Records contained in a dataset
******

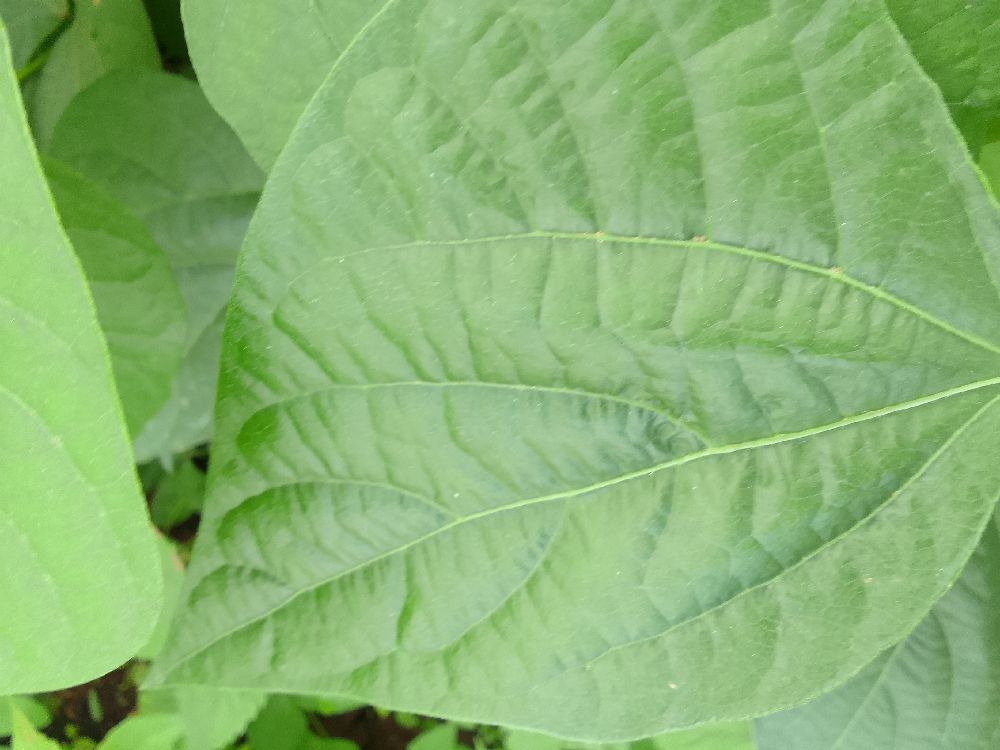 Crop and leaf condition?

common bean, healthy
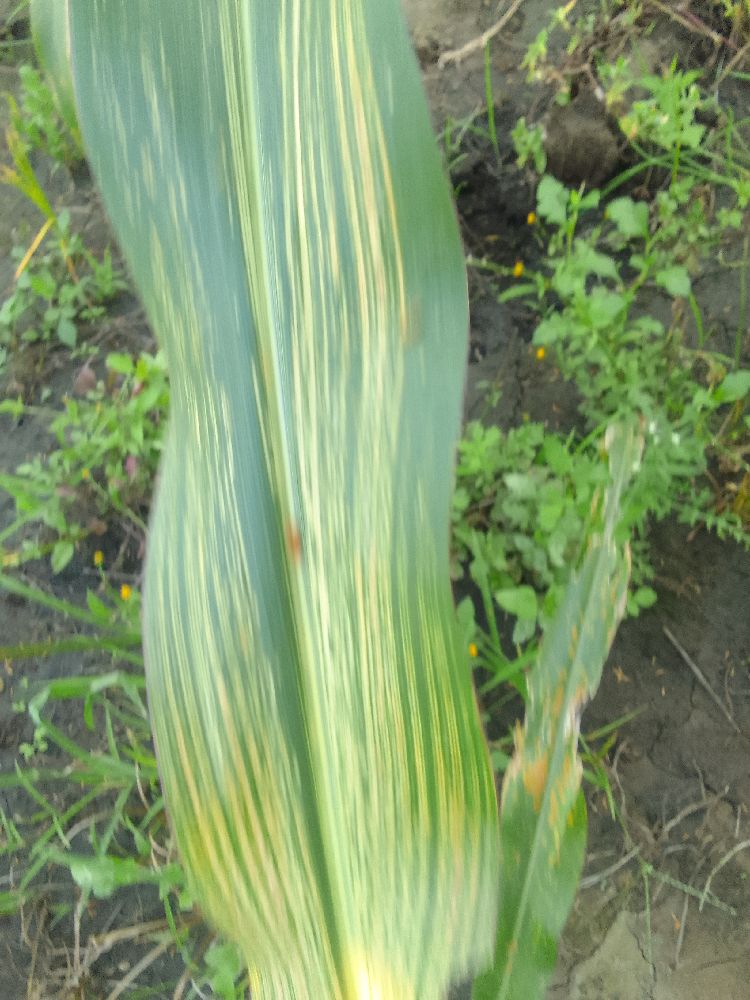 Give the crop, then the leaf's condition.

maize, maize streak virus
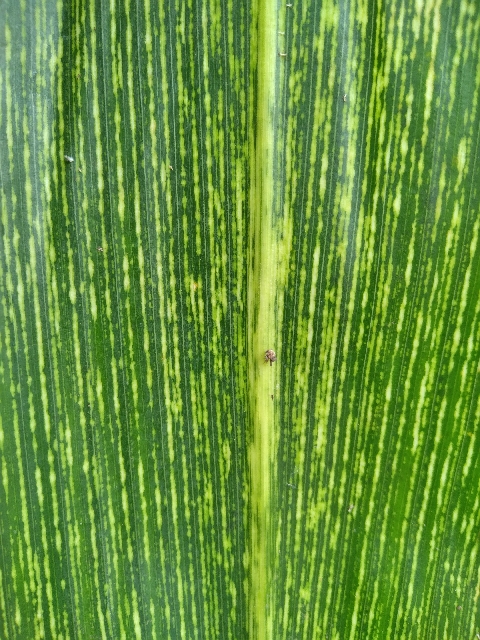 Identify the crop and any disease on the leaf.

maize, maize streak virus
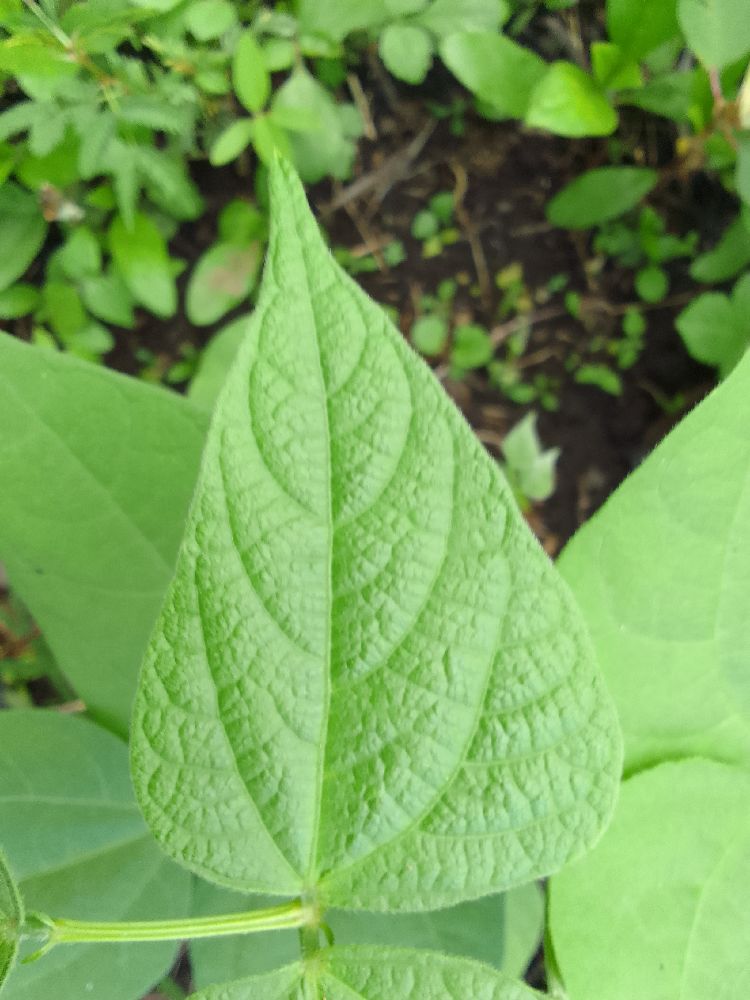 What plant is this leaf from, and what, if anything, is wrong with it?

common bean, healthy
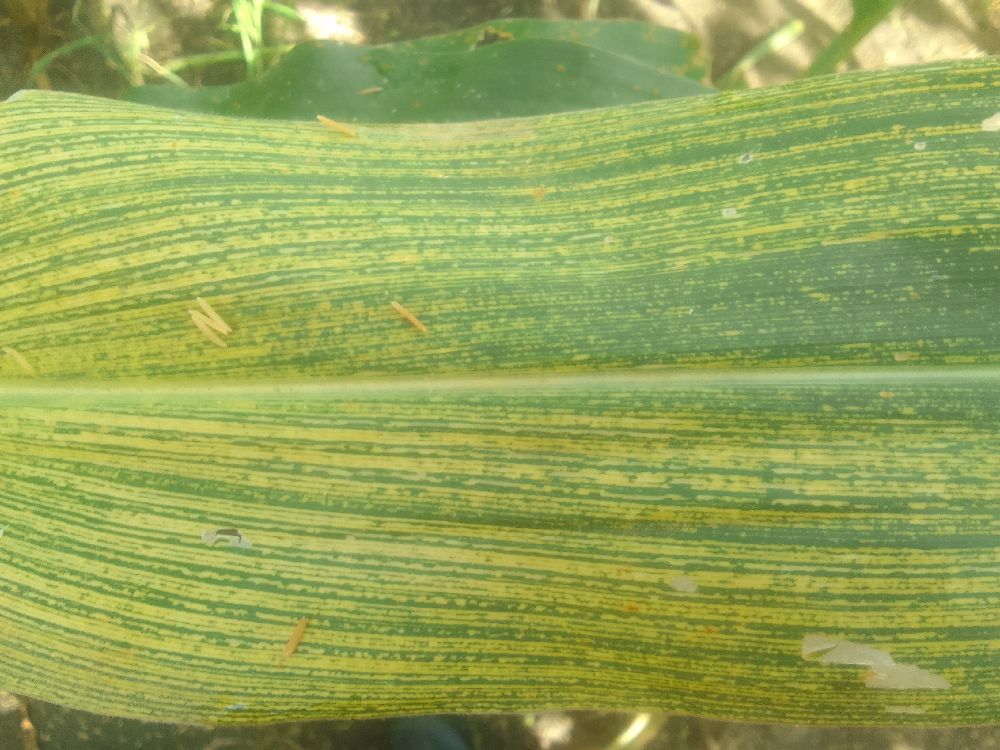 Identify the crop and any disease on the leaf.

maize, maize streak virus
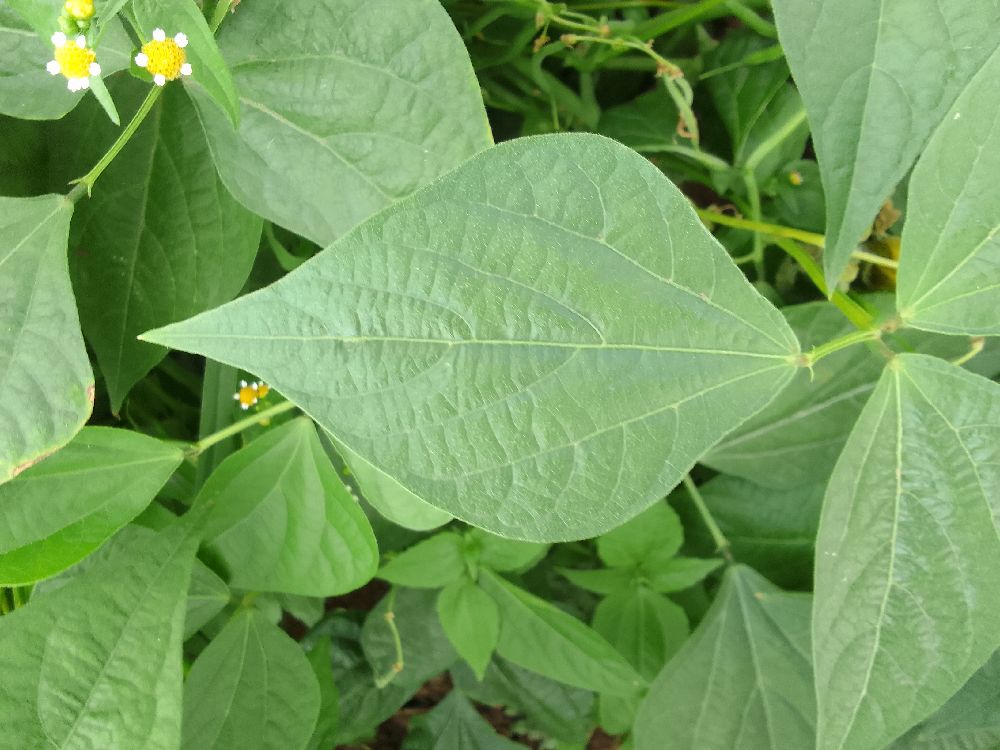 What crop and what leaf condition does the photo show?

common bean, healthy
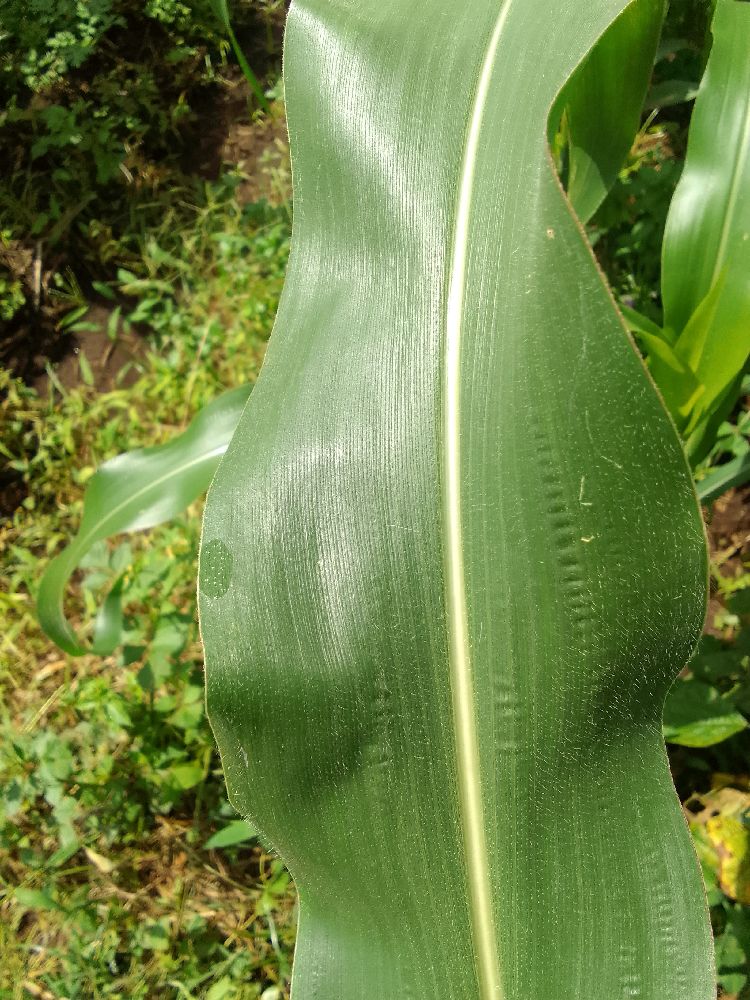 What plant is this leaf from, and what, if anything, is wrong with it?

maize, healthy

******

# TASK OBJECTIVE:
Quote every line of the records above exactly; no picture is to be copied.

# TASK RESULT:
 Crop and leaf condition?

common bean, healthy
 Give the crop, then the leaf's condition.

maize, maize streak virus
 Identify the crop and any disease on the leaf.

maize, maize streak virus
 What plant is this leaf from, and what, if anything, is wrong with it?

common bean, healthy
 Identify the crop and any disease on the leaf.

maize, maize streak virus
 What crop and what leaf condition does the photo show?

common bean, healthy
 What plant is this leaf from, and what, if anything, is wrong with it?

maize, healthy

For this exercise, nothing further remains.